Data records:
---+---
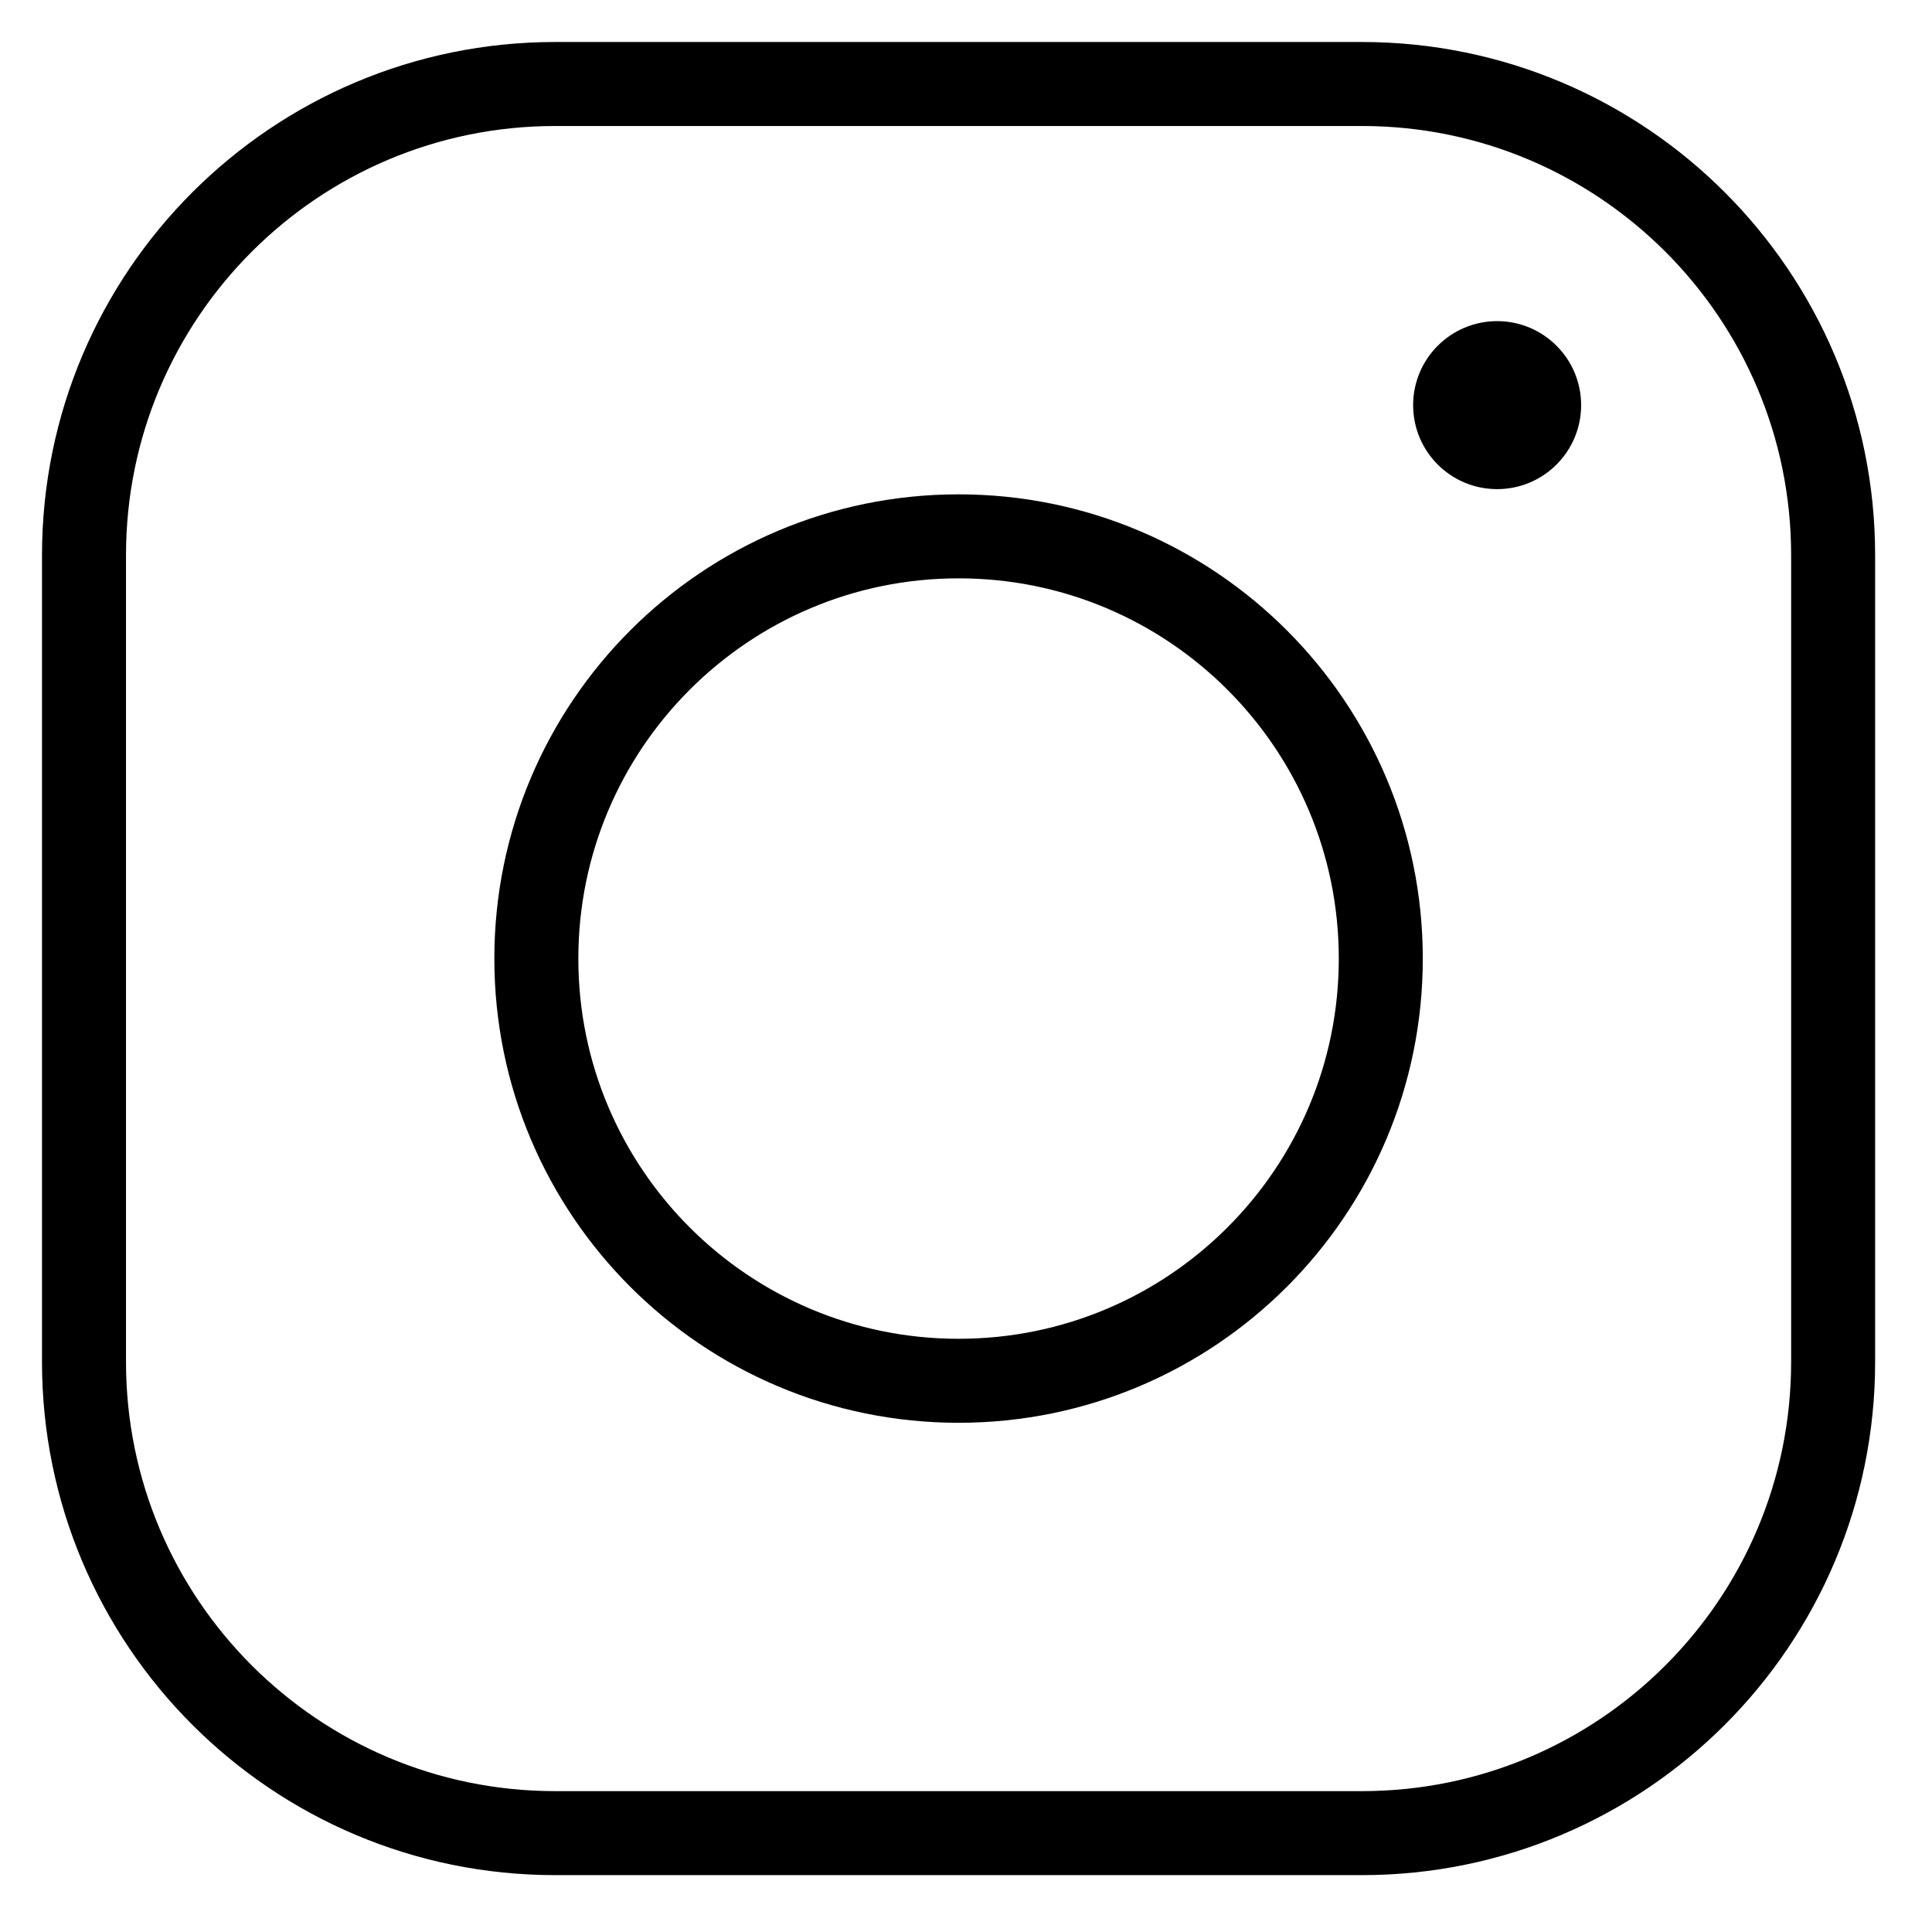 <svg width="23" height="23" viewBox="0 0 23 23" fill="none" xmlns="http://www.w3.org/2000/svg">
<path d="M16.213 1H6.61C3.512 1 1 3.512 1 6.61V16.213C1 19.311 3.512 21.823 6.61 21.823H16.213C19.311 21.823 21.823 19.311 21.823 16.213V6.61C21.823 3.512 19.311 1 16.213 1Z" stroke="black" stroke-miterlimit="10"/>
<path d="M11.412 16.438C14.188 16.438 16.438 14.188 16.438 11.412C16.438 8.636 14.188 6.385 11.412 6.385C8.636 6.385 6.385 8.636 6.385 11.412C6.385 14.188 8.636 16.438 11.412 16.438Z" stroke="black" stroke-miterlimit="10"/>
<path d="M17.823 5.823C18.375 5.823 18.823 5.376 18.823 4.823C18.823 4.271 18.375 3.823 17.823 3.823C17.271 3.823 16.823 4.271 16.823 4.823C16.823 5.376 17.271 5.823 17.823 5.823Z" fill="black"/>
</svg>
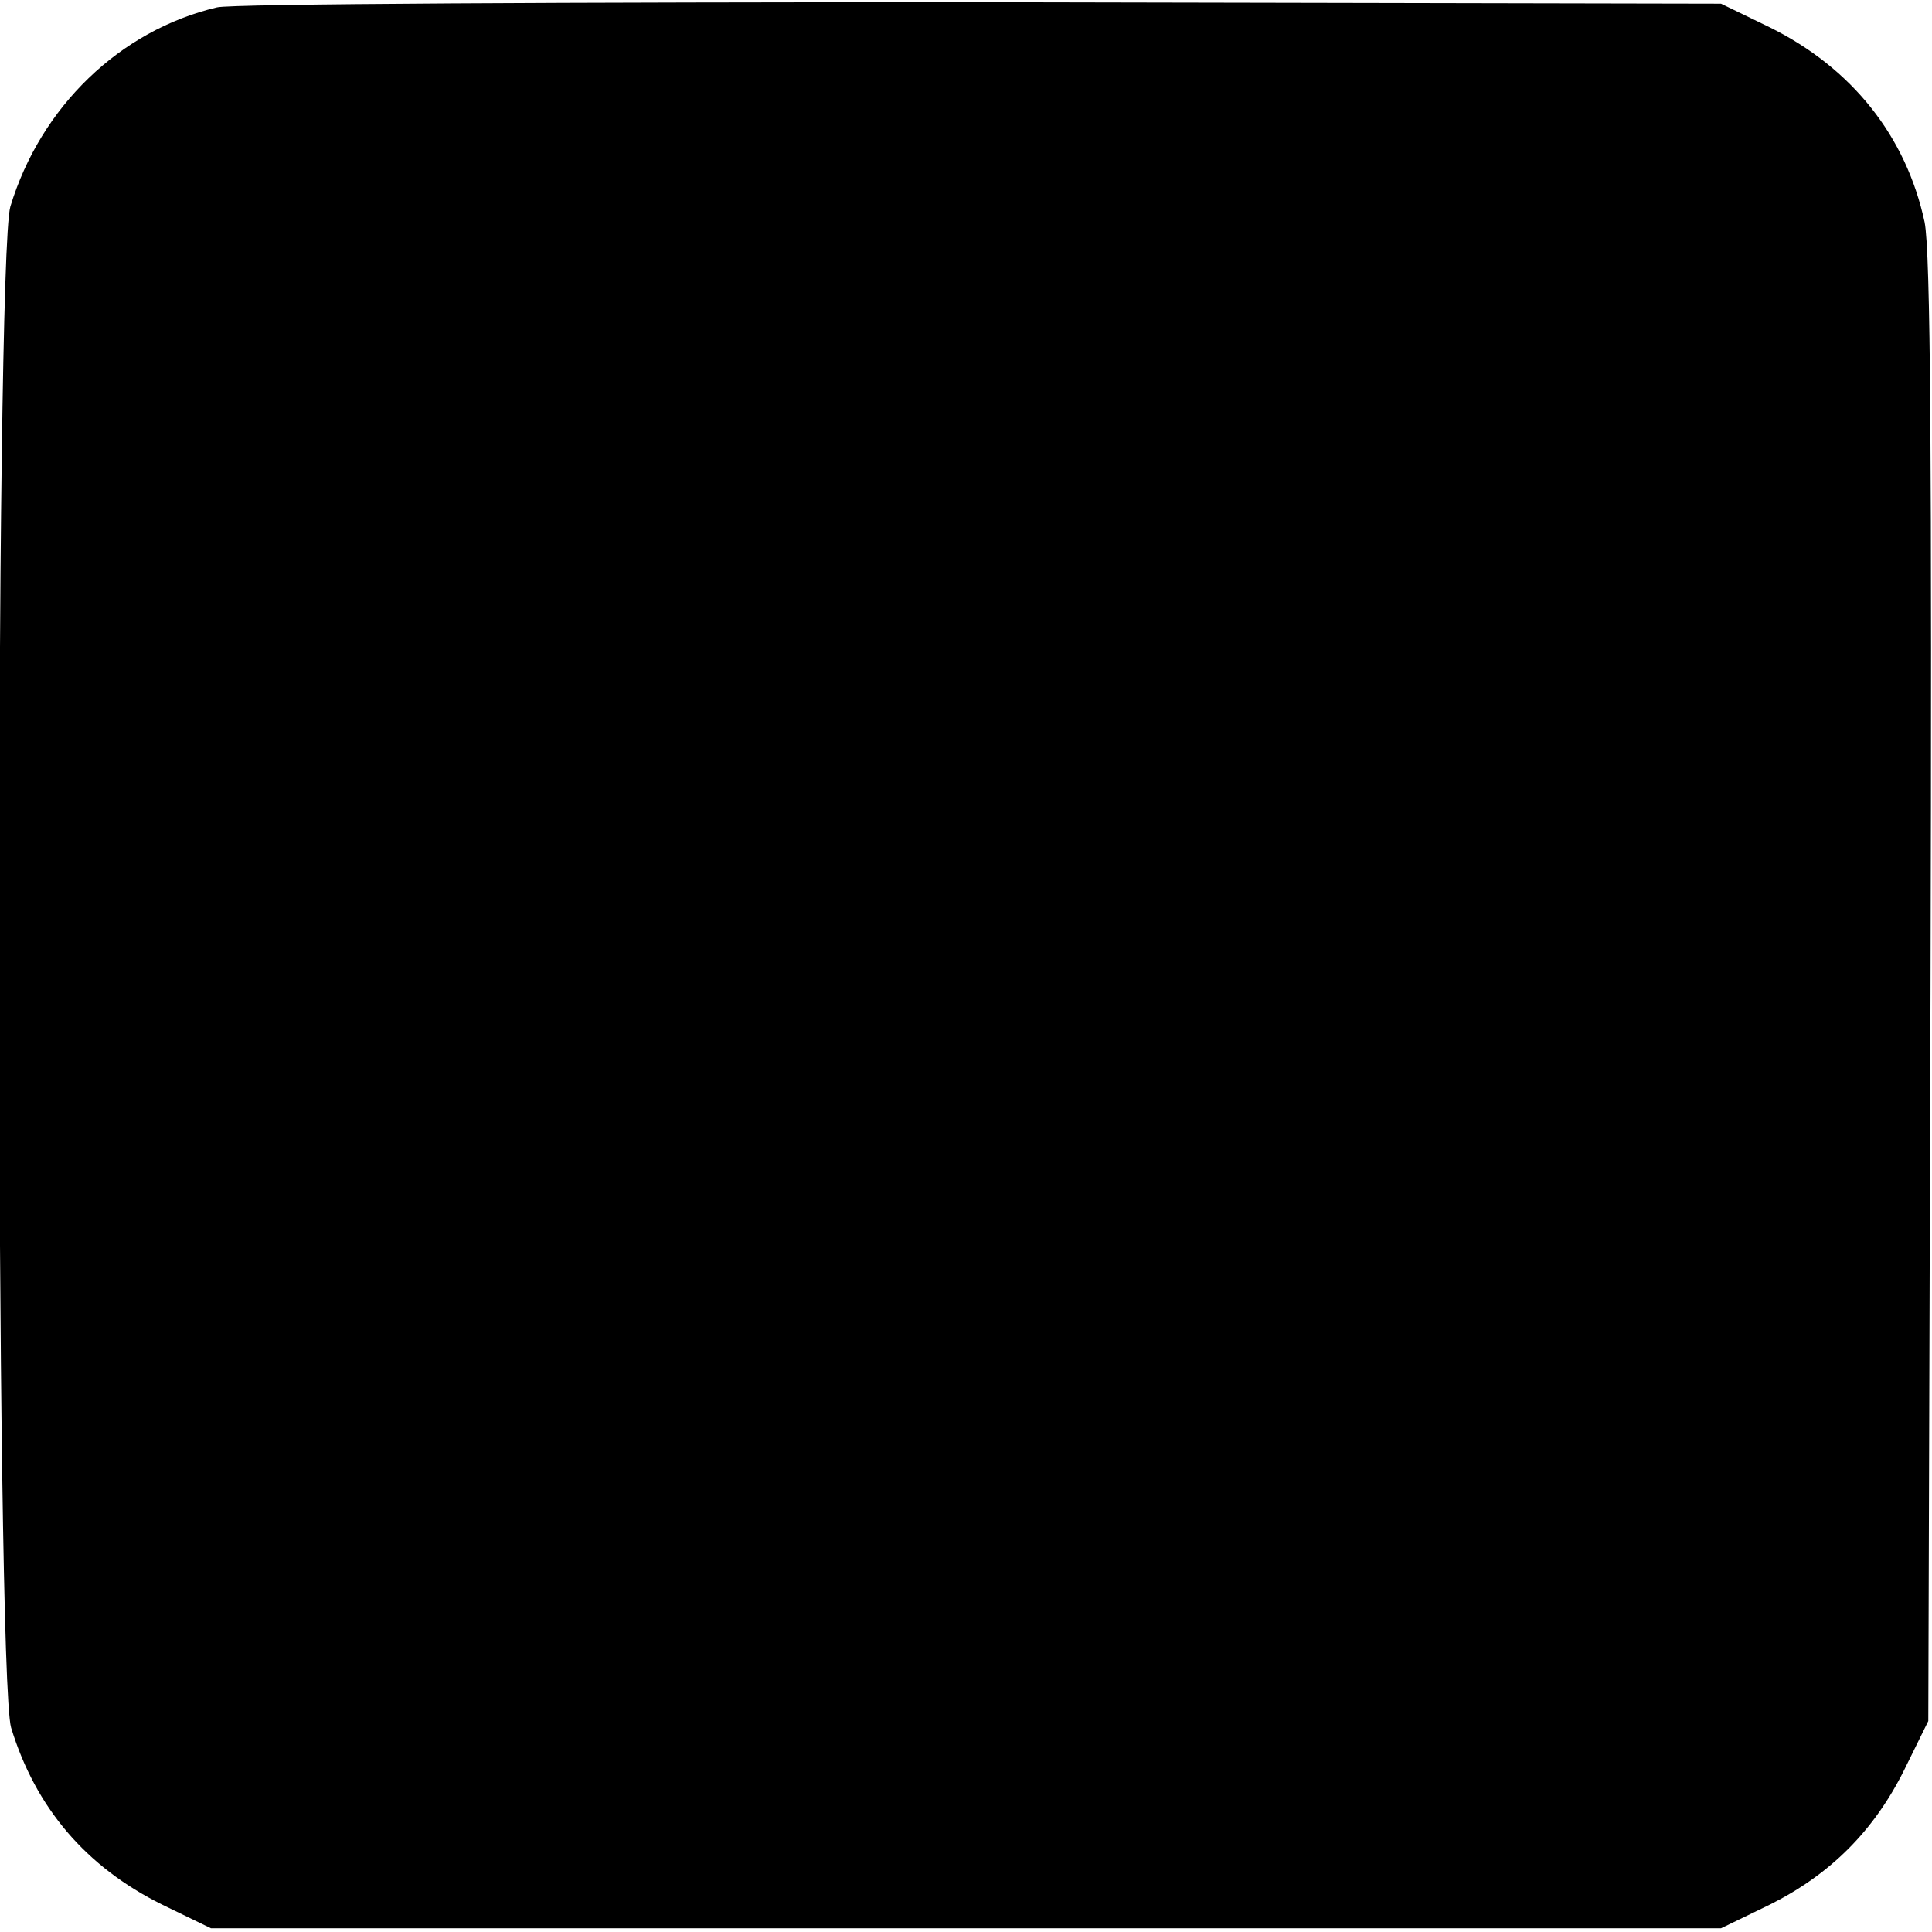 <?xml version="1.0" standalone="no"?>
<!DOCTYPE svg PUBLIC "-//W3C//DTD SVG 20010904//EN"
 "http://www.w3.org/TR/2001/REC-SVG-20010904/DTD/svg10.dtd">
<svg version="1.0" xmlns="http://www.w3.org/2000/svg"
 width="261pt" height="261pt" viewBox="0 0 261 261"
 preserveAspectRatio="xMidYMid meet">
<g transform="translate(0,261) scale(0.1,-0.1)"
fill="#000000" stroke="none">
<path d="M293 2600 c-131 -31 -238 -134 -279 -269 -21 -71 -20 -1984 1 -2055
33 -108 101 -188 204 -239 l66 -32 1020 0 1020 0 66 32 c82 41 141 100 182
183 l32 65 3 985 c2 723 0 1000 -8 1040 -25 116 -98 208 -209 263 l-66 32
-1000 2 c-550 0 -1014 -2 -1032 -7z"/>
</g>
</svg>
---+---
The goal is an exact reprint of the entries, leaving out the pictures.

 <svg width="23" height="23" viewBox="0 0 23 23" fill="none" xmlns="http://www.w3.org/2000/svg">
<path d="M16.213 1H6.61C3.512 1 1 3.512 1 6.61V16.213C1 19.311 3.512 21.823 6.61 21.823H16.213C19.311 21.823 21.823 19.311 21.823 16.213V6.61C21.823 3.512 19.311 1 16.213 1Z" stroke="black" stroke-miterlimit="10"/>
<path d="M11.412 16.438C14.188 16.438 16.438 14.188 16.438 11.412C16.438 8.636 14.188 6.385 11.412 6.385C8.636 6.385 6.385 8.636 6.385 11.412C6.385 14.188 8.636 16.438 11.412 16.438Z" stroke="black" stroke-miterlimit="10"/>
<path d="M17.823 5.823C18.375 5.823 18.823 5.376 18.823 4.823C18.823 4.271 18.375 3.823 17.823 3.823C17.271 3.823 16.823 4.271 16.823 4.823C16.823 5.376 17.271 5.823 17.823 5.823Z" fill="black"/>
</svg>
 <?xml version="1.0" standalone="no"?>
<!DOCTYPE svg PUBLIC "-//W3C//DTD SVG 20010904//EN"
 "http://www.w3.org/TR/2001/REC-SVG-20010904/DTD/svg10.dtd">
<svg version="1.0" xmlns="http://www.w3.org/2000/svg"
 width="261pt" height="261pt" viewBox="0 0 261 261"
 preserveAspectRatio="xMidYMid meet">
<g transform="translate(0,261) scale(0.1,-0.1)"
fill="#000000" stroke="none">
<path d="M293 2600 c-131 -31 -238 -134 -279 -269 -21 -71 -20 -1984 1 -2055
33 -108 101 -188 204 -239 l66 -32 1020 0 1020 0 66 32 c82 41 141 100 182
183 l32 65 3 985 c2 723 0 1000 -8 1040 -25 116 -98 208 -209 263 l-66 32
-1000 2 c-550 0 -1014 -2 -1032 -7z"/>
</g>
</svg>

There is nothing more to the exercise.